# Ball Pythons > BP Pictures >  First BP just arrived Kingpin

## Foxton

Purchased from Stewart Reptiles, picked up her little female kingpin. 

Expensive little cinnamon roll you are.

----------

Aercadia (06-20-2015),_Albert Clark_ (03-24-2015),_AlexisFitzy_ (01-20-2015),_se7en_ (01-20-2015)

----------


## Sirensong26

Awwe I love the picture with her head sticking around the back of the water tub. Gorgeous morph, I can't wait to breed my own.....and look forward to seeing this little one grow up. Have you named her?

----------


## Stewart_Reptiles

Looks like she is already all setup in your new home  :Wink:

----------


## Foxton

> Awwe I love the picture with her head sticking around the back of the water tub. Gorgeous morph, I can't wait to breed my own.....and look forward to seeing this little one grow up. Have you named her?


Being that I'm a big Slayers fan, I decided to go with Filia. And since I finally got my color print cartridge in. 

I'm really happy with that background, didn't want something flat color and generic fish tank. Found it on amazon. 
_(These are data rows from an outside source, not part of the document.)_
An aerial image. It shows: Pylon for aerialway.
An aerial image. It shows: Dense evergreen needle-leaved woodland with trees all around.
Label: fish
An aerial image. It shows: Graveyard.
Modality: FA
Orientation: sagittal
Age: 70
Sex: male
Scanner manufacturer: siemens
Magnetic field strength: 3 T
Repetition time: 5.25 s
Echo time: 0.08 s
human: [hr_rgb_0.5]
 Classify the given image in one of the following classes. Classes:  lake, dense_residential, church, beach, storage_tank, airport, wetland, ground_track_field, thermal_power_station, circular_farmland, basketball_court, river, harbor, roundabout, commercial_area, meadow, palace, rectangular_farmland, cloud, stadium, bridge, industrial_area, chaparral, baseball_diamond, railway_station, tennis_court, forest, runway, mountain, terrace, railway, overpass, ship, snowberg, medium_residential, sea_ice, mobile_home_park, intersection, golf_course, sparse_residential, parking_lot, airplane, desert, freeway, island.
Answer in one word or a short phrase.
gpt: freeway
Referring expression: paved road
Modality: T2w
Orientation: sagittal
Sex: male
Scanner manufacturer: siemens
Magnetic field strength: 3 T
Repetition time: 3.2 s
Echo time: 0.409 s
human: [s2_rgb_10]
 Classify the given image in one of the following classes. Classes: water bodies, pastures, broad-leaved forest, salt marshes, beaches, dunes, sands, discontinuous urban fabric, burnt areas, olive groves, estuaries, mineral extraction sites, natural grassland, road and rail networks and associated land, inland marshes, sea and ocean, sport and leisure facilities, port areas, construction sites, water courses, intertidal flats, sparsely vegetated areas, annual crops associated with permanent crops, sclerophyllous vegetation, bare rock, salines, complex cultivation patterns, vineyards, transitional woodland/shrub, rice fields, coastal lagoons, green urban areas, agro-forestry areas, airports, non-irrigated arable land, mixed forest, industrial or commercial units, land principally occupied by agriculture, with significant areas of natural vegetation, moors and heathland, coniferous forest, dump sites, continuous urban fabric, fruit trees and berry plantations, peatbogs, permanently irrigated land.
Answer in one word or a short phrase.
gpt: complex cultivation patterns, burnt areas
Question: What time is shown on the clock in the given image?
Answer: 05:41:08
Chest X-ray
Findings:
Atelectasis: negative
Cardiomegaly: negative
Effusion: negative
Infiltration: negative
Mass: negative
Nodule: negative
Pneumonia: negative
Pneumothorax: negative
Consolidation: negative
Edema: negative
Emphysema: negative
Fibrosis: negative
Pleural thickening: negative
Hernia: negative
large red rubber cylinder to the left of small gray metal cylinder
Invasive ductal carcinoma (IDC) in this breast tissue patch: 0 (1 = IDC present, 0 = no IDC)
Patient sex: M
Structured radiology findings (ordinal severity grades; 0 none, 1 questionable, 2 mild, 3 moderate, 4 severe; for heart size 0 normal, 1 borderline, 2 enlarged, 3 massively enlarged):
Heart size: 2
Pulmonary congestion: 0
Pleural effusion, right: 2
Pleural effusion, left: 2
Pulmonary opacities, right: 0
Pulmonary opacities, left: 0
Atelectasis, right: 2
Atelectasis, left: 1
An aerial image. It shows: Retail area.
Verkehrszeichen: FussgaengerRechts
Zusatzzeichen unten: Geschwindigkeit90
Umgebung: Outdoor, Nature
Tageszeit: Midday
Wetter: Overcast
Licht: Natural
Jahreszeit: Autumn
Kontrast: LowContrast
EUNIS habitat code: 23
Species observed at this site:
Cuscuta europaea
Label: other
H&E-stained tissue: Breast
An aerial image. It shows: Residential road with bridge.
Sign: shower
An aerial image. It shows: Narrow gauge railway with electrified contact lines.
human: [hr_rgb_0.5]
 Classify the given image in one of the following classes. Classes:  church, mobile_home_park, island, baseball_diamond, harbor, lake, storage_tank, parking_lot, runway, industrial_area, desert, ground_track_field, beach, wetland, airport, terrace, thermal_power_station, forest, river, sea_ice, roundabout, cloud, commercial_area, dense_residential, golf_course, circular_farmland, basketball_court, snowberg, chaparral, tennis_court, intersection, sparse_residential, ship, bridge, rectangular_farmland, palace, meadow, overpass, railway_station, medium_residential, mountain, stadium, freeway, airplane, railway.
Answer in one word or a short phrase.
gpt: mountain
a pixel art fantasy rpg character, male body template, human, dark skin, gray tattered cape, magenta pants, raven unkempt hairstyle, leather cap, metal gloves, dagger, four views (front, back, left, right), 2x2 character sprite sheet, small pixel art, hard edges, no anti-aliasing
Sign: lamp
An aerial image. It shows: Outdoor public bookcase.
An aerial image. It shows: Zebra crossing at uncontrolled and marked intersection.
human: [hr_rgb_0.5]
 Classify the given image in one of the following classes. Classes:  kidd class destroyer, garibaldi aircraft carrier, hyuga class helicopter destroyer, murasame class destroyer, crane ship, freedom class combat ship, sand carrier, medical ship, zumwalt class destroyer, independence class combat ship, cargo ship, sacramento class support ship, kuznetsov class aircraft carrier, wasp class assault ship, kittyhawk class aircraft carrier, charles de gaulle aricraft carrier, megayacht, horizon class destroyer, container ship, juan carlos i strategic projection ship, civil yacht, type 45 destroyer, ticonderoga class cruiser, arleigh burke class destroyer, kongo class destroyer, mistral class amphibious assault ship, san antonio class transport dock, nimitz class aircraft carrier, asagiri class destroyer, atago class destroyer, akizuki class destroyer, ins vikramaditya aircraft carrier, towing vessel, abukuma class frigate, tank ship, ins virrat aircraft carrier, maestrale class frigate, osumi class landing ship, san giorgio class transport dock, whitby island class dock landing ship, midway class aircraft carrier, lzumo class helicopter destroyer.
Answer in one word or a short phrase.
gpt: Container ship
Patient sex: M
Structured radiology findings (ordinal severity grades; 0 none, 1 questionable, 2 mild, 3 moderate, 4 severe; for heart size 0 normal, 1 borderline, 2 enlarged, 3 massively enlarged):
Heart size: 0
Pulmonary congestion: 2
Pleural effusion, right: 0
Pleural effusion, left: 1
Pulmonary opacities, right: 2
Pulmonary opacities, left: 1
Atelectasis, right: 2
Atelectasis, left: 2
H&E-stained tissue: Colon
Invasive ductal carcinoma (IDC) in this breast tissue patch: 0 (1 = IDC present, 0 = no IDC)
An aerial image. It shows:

> Looks like she is already all setup in your new home


She's definitely doing a thorough inspection of everything. I'll need to get some fake leaves or something to help fill out the cold side.

----------


## Atrox

She looks great and very happy. Nice name for her too!  :Smile:

----------


## Foxton

> She looks great and very happy. Nice name for her too!


I hope so but I'm pretty sure she was just looking for a place to hide and didn't realize that she could go into either hide, since she was curled up behind the hot side one. As soon as I picked it up and put it over top of her she hasn't moved since.

I'll need to go pick up some smaller hides for her as well as some stuff to clutter up the rest of the tank.

And now the hardest part, leaving her be. Maybe a webcam would be a good investment so I can watch without annoying.

----------

PeterPieBaldPython (01-25-2015)

----------


## rlditmars

For a first, that is a nice BP. Welcome to the club.

----------

Foxton (01-20-2015)

----------


## Foxton

Pretty sure she knew the nom shipment had arrived. Thanks rodentpro for taking almost 2 weeks to ship



Replaced the larger hides with two smaller ones. Noticed that she's been hanging out on the cool side for some reason so I double checked the hot side temps and they're sitting right at 89/90. Guess she's just happy being at 80.

----------

goddessbaby (01-22-2015)

----------


## Foxton

Been trying to leave her be as much as possible but whenever I go in to fill up the humidifier she freezes and looks guilty. I know you're up to no good and there won't be no making trouble in this neighborhood little girl.

----------


## Foxton

I was hoping to get some decent shots of her first feeding but she just wanted to eat in her room. Fine, be that way.

----------

_Albert Clark_ (03-29-2015),_AlexisFitzy_ (02-22-2015),flamekitty84 (02-02-2015),PeterPieBaldPython (01-27-2015)

----------


## Stewart_Reptiles

She is used to her privacy, I hate it too when people stare at me while I am eating  :ROFL:

----------

Foxton (01-26-2015)

----------


## Foxton

> She is used to her privacy, I hate it too when people stare at me while I am eating


Too bad for her I picked up a wireless webcam that sees in the dark so I can watch her without even being in the room or at home.  :Very Happy: 

Took all of thirty seconds doing the zombie mouse dance outside of her hide for her to snatch it up.

----------

PeterPieBaldPython (01-27-2015)

----------


## Joe balls

This is the exact snake I wanted to buy but was up in the air kingpin jigsaw, jigsaw kingpin.  Such a looker, great buy!

----------

_Albert Clark_ (03-29-2015),Stewart_Reptiles (01-27-2015)

----------


## PeterPieBaldPython

> Too bad for her I picked up a wireless webcam that sees in the dark so I can watch her without even being in the room or at home. 
> 
> Took all of thirty seconds doing the zombie mouse dance outside of her hide for her to snatch it up.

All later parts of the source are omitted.